The eighth now paid $9 instead of $12 (25% savings).
The ninth now paid $14 instead of $18 (22% savings).
The tenth now paid $49 instead of $59 (16% savings).

Each of the six was better off than before. And the first four continued
to drink for free. But once outside the restaurant, the men began to
compare their savings.

"I only got a dollar out of the $20,"declared the sixth man. He pointed
to the tenth man," but he got $10!"

"Yeah, that's right," exclaimed the fifth man. "I only saved a dollar,
too. It's unfair that he got ten times more than I!"

"That's true!!" shouted the seventh man. "Why should he get $10 back
when I got only two? The wealthy get all the breaks!"

"Wait a minute," yelled the first four men in unison. "We didn't get
anything at all. The system exploits the poor!"

The nine men surrounded the tenth and beat him up.

The next night the tenth man didn't show up for drinks, so the nine sat
down and had beers without him. But when it came time to pay the bill, they
discovered something important. They didn't have enough money
between all of them for even half of the bill!

And that, boys and girls, journalists and college professors, is how
our tax system works. The people who pay the highest taxes get the
most benefit from a tax reduction. Tax them too much, attack them
for being wealthy, and they just may not show up anymore. In fact,
they might start drinking overseas where the atmosphere is somewhat

David R. Kamerschen, Ph.D.
Professor of Economics
University of Georgia

For those who understand, no explanation is needed. For those who
do not understand, no explanation is possible.

I looked up the author of this and he denies writing it. says this about it:

I thought the end of it smelled of some sort of propaganda, "boys and girls". I have no idea what sort of propaganda, perhaps be happy and don't let taxes get you down. Or maybe stop your bleating stupid sheeple. That last line insinuates if you have to ask then you would not understand. I have never cared much for that sort of condescension.

My take on taxes falls somewhere close to the In simplicity the more you have money to consume the more taxes you can afford to pay, allowing no one a way to avoid taxation, no matter how well his tax lawyer performs.

Why does Jed believe the more you have the more you are obligated to pay your fellow humans? Because the burden on a man who makes 20k a year paying 1k in taxes has significant lifestyle adjustments over his five percent payment. Whereas a man making 200k a year paying 20k has less lifestyle changes to compensate over for his ten percent payment. If it were not for the dozens of 20k men working for him he would not have that lifestyle at all. Furthermore the man making 200 million a year paying 50 million in taxes still has plenty to do whatever his heart chooses after a twenty five percent tax. He has hundreds of 20k men and dozens of 200k men, he does owe them something for their efforts and his mega success...just sayin'.
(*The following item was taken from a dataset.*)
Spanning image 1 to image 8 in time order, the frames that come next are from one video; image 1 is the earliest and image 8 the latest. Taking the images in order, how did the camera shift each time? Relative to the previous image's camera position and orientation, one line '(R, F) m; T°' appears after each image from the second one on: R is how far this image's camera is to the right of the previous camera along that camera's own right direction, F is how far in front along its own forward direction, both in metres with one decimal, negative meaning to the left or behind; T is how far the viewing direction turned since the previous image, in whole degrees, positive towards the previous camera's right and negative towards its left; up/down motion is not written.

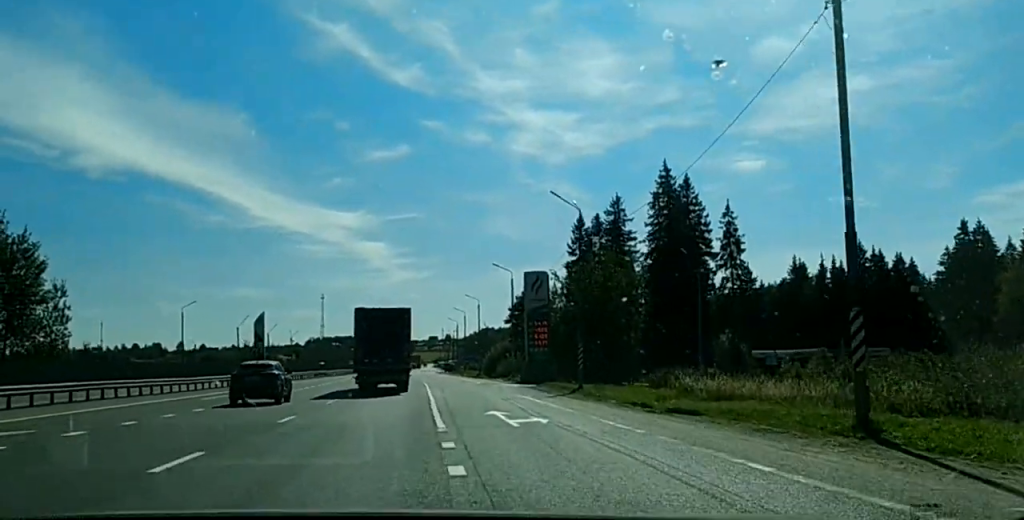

I know I did not address death as the title suggest, but why make matters worse?
:: posted by Tennessee Jed, 10:23 PM


A friend and fellow tea partier from Western NY sent me this. I sent it to you because I know your passion for tax w/o rep. Ya see, in NY the scenario played out in our little rigmarole here actually happens. The rich guys have all left the county and moved to some small scrappy little city to live out the remainder their deferred. The entire tax burden is now laid on the land owner, i.e. the new rich guy. Eventually I became the rich guy on the block, never actually reaching the 30k gross mark. I left too. I'm happy now. East Tennesseans really do have a grip on this whole tax thing. I'm a bit perplexed still, I wonder...Jed, I know I'm out of the fire, but am I in the frying pan or safely on the cooling rack?